Ophelia forced herself to look up when she noticed Batson’s head shift and, when the time came, with narrowed eyes, he uttered, “I do.” For a creature of fire, there was no heat—no passion—in his ruby stare.
She hoped her own eyes didn’t look as lifeless when she shortly repeated the words. “I do.”
Rings they wouldn’t be allowed to wear, even if they wanted to, were exchanged next and the last words Ophelia wanted to hear followed all too soon.
“You may kiss the bride.”
She lifted her own veil in an effort to hide her shaking, didn’t fight when Batson placed his hands on her arms, and closed her eyes to keep from panicking. He pressed his lips to hers, just for a few seconds, and she couldn’t help the tear that rolled down her cheek.

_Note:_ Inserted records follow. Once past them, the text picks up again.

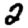
Digit: 2
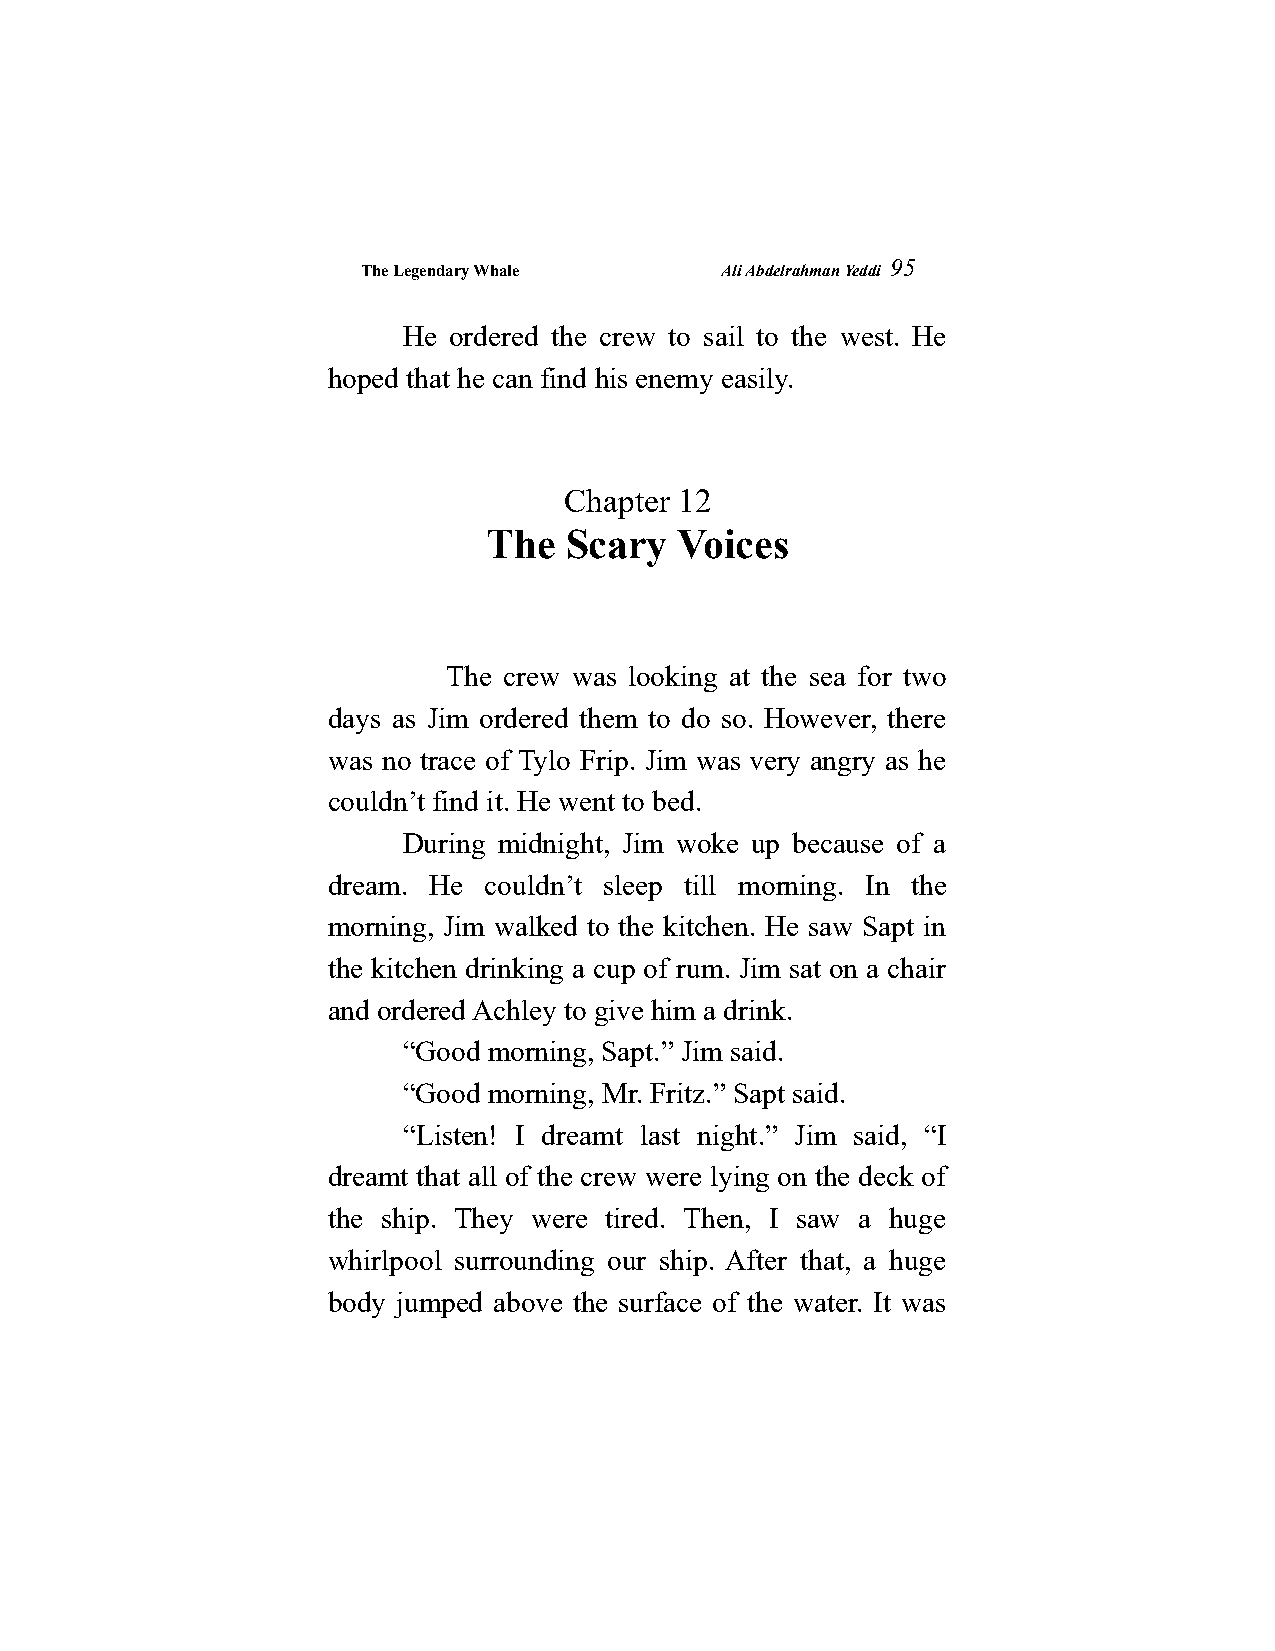
The Legendary Whale     Ali Abdelrahman Yeddi
 95
 He ordered the crew to sail to the west. He
 hoped that he can find his enemy easily.
 Chapter 12
 The  Scary   Voices
 The crew was looking at the sea for two
 days as Jim ordered them to do so. However, there
 was no trace of Tylo Frip. Jim was very angry as he
 couldn’t find it. He went to bed.
 During midnight, Jim woke up because of a
 dream. He couldn’t sleep till morning. In the
 morning, Jim walked to the kitchen. He saw Sapt in
 the kitchen drinking a cup of rum. Jim sat on a chair
 and ordered Achley to give him a drink.
 “Good morning, Sapt.” Jim said.
 “Good morning, Mr. Fritz.” Sapt said.
 “Listen! I dreamt last night.” Jim said, “I
 dreamt that all of the crew were lying on the deck of
 the ship. They were tired. Then, I saw a huge
 whirlpool surrounding our ship. After that, a huge
 body jumped above the surface of the water. It was
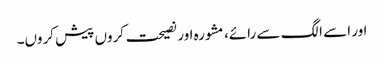
اور اسے الگ سے رائے، مشورہ اور نصیحت کروں پیش کروں۔
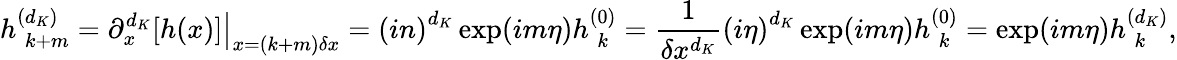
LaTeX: h_{\hphantom{(}k+m}^{(d_{K})}=\left.\partial_{x}^{d_{K}}[h(x)]\right|_{x=(k+m)\delta x}=\left(in\right)^{d_{K}}\exp(im\eta)h_{\hphantom{(}k}^{(0)}=\frac{1}{\delta x^{d_{K}}}\left(i\eta\right)^{d_{K}}\exp(im\eta)h_{\hphantom{(}k}^{(0)}=\exp(im\eta)h_{\hphantom{(}k}^{(d_{K})},
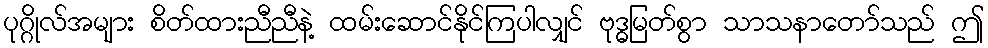
ပုဂ္ဂိုလ်အများ စိတ်ထားညီညီနဲ့ ထမ်းဆောင်နိုင်ကြပါလျှင် ဗုဒ္ဓမြတ်စွာ သာသနာတော်သည် ဤ
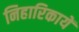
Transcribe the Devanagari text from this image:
निहारिकायें
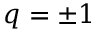
q = \pm 1
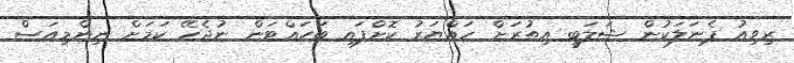
ރިވިއު ޕެނަލަކުން ޝަލަބީ އިތުރަށް ހައްޔަރު ކޮށްފައި ބަހައްޓަން ނުޖެހޭ ކަމަށް ނިންމިއަސް
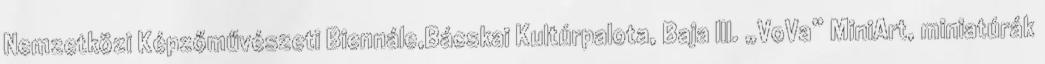
Nemzetközi Képzőművészeti Biennále,Bácskai Kultúrpalota, Baja III. „VoVa” MiniArt, miniatúrák
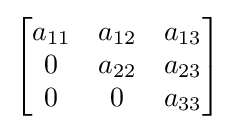
{\begin{bmatrix}a_{11}&a_{12}&a_{13}\\0&a_{22}&a_{23}\\0&0&a_{33}\\\end{bmatrix}}
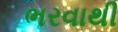
ભરવાથી
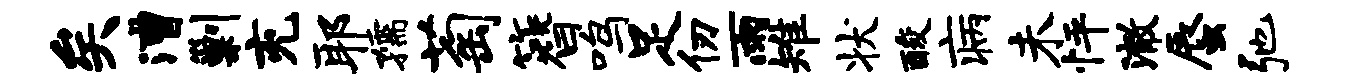
矣漕剿充耶孺萄簪鸣足仞雨雉状酸病未怦澈蜃弛
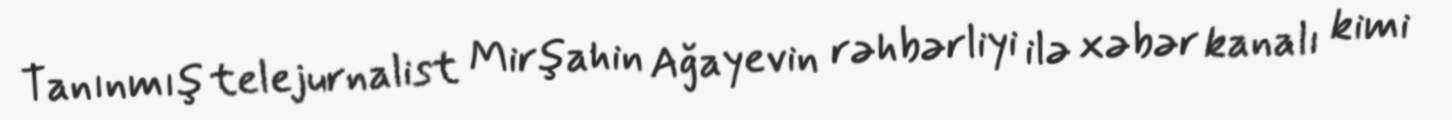
Tanınmış telejurnalist Mirşahin Ağayevin rəhbərliyi ilə xəbər kanalı kimi
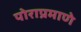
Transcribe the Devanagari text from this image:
पोराप्रमाणे
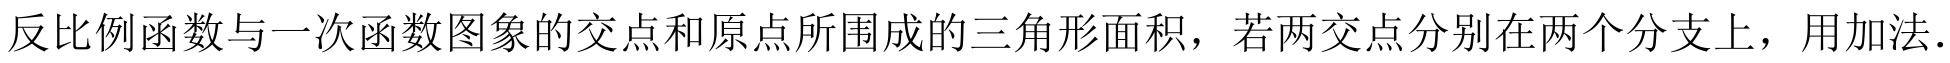
反比例函数与一次函数图象的交点和原点所围成的三角形面积，若两交点分别在两个分支上，用加法．
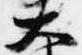
大
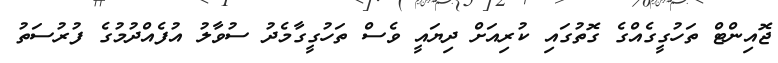
ޖޮއިންޓް ތަހުގީގެއްގެ ގޮތުގައި ކުރިއަށް ދިޔައީ ވެސް ތަހުގީގާމެދު ސުވާލު އުފެއްދުމުގެ ފުރުސަތު
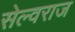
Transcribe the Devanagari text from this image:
सेल्वराज
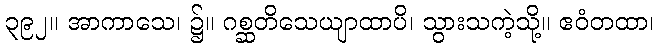
၃၉၂။ အာကာသေ၊ ၌။ ဂစ္ဆတိသေယျာထာပိ၊ သွားသကဲ့သို့။ ဧဝံတထာ၊
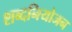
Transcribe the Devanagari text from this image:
शब्दनियोजन
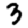
Digit: 3
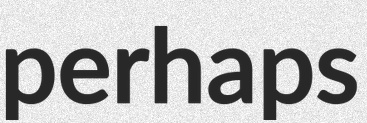
perhaps
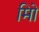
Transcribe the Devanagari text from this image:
मिो
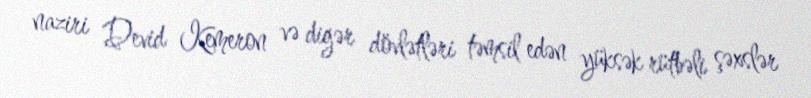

She didn’t even get to choose her first kiss.
April, Ten Years Later
“I can’t believe you still live next door to Batson Crosse,” Alice Mitchell commented as she followed Ophelia up the cracked sidewalk pathway to Ophelia’s house.
“You say that practically every time you visit,” Ophelia returned, throwing her longtime best friend an eye roll for good measure. She’d never once liked lying to Alice, about anything, but she understood why she had to.
“Well, it never fails to amaze me,” Alice said with a laugh. “Is he still an asshole?”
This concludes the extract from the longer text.